Abstract - In modern industry, the integration of sensors with advanced artificial intelligence (AI) algorithms is essential for enhancing workflow efficiency and decision-making capabilities. This work introduces two innovative approaches that use these technologies to monitor and analyze liquid properties in real-time, shown in Figure 1. In the first approach (Figure 1 (a)), we designed a cuboid-shaped fluidic cell [1], fabricated from various materials using novel 3D printing techniques, featuring a vibrating membrane at its base with two external piezoelectric actuators attached. The second approach (Figure 1 (b)) employed micromachined plates driven by AlN piezoelectric films, fabricated using MEMS technology, meticulously designed to achieve quasi-free-free vibration in the (0,5) mode [2]. Both types of sensors used a two-port structure, one for actuation and the other for detection. The integration of these devices with AI techniques allowed us to use frequency responses in a range with multiple resonances, highly sensitive to fluid properties [3], while eliminating the need for complex electronics to process and acquire data.
Figure 1. (a) Top and cross-sectional views of the 3D-printed liquid cell with piezoelectric actuators. (b) Portable, low-cost viscometer-densimeter that included a MEMS microresonator, a microcontroller unit, and conditioning electronic circuits. The system incorporated a 3D-printed fluidic cell for injecting liquid into the sensor.
The spectra obtained with the sensors were subjected to various advanced data processing and machine learning techniques, performing an exhaustive search for the optimal combinations of hyperparameters that best fit the sensor data. Convolutional neural networks (CNNs) were found to be highly effective in working with frequency characteristics and estimating the viscosity and density of different types of liquids. In the second approach, these models were implemented on a microcontroller board, which also managed all electronics and communication with the sensor, resulting in a precise, compact, portable, and low-cost device.

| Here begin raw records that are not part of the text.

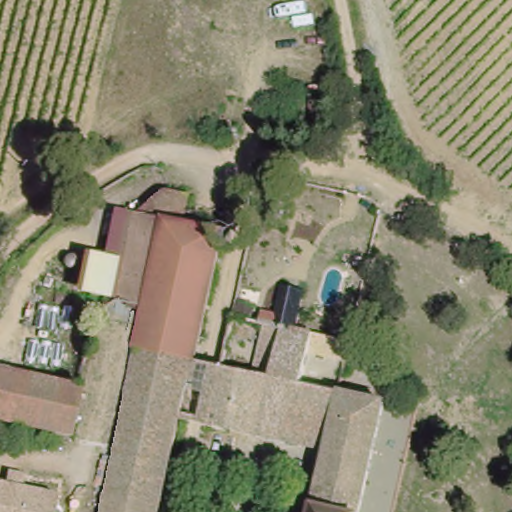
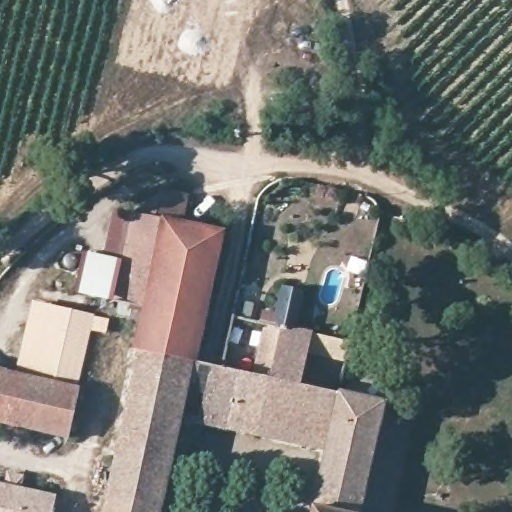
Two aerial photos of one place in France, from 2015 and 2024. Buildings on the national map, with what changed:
unchanged [(205,319),(146,305),(165,219),(133,212),(167,188),(186,191),(180,221),(225,231),(205,319)]
unchanged [(105,258),(112,208),(133,213),(115,297),(75,289),(83,254),(105,258)]
unchanged [(146,305),(115,298),(115,297),(133,213),(165,219),(146,305)]
unchanged [(328,442),(327,447),(257,432),(228,425),(240,369),(221,365),(233,314),(262,320),(265,309),(277,312),(283,285),(304,290),(295,328),(318,333),(351,340),(347,359),(310,351),(303,383),(340,391),(385,401),(373,451),(328,442)]
new [(110,318),(106,335),(91,332),(81,379),(16,366),(32,300),(110,318)]
unchanged [(196,359),(193,359),(139,347),(136,346),(146,305),(205,319),(196,359)]
unchanged [(158,512),(101,512),(139,347),(193,359),(180,415),(158,512)]
unchanged [(205,420),(180,415),(193,359),(196,359),(218,364),(205,420)]
unchanged [(71,431),(0,416),(0,363),(81,379),(83,380),(71,431)]
unchanged [(221,365),(240,369),(228,425),(205,420),(218,364),(221,365)]
unchanged [(360,512),(351,512),(315,504),(327,447),(328,442),(373,451),(360,512)]
unchanged [(22,512),(0,512),(0,477),(28,482),(22,512)]
unchanged [(53,512),(22,512),(28,482),(58,488),(53,512)]
unchanged [(315,504),(351,512),(313,512),(315,504)]

Cell-based systems proved effective for monitoring the properties of aqueous solutions, achieving calibration errors below 2% and resolutions of 7.79 · 10-3 mPa·s for viscosity, and 1.09 · 10-3 g/mL for density. The microelectromechanical resonator-based instrument was capable to detect very small adulterations in olive oil with other vegetable oils, as low as 2%, with calibration and resolution errors of 0.47% and 0.14 mPa·s for viscosity, and 0.0331% and 9.25 · 10-5 g/mL for density. The calibration and resolution accuracies obtained were comparable to or exceeded those in the state of the art, and were on par with other commercial laboratory instruments of greater complexity, cost, and stationary nature.
Our findings demonstrate the significant potential of integrating sensors with machine learning techniques to achieve accurate detection of physical properties in fluids and address complex and critical industrial challenges, such as olive oil fraud. These advancements pave the way for the development of next-generation sensors that are not only accurate and reliable but also scalable and adaptable to diverse applications, providing valuable tools for the new industry.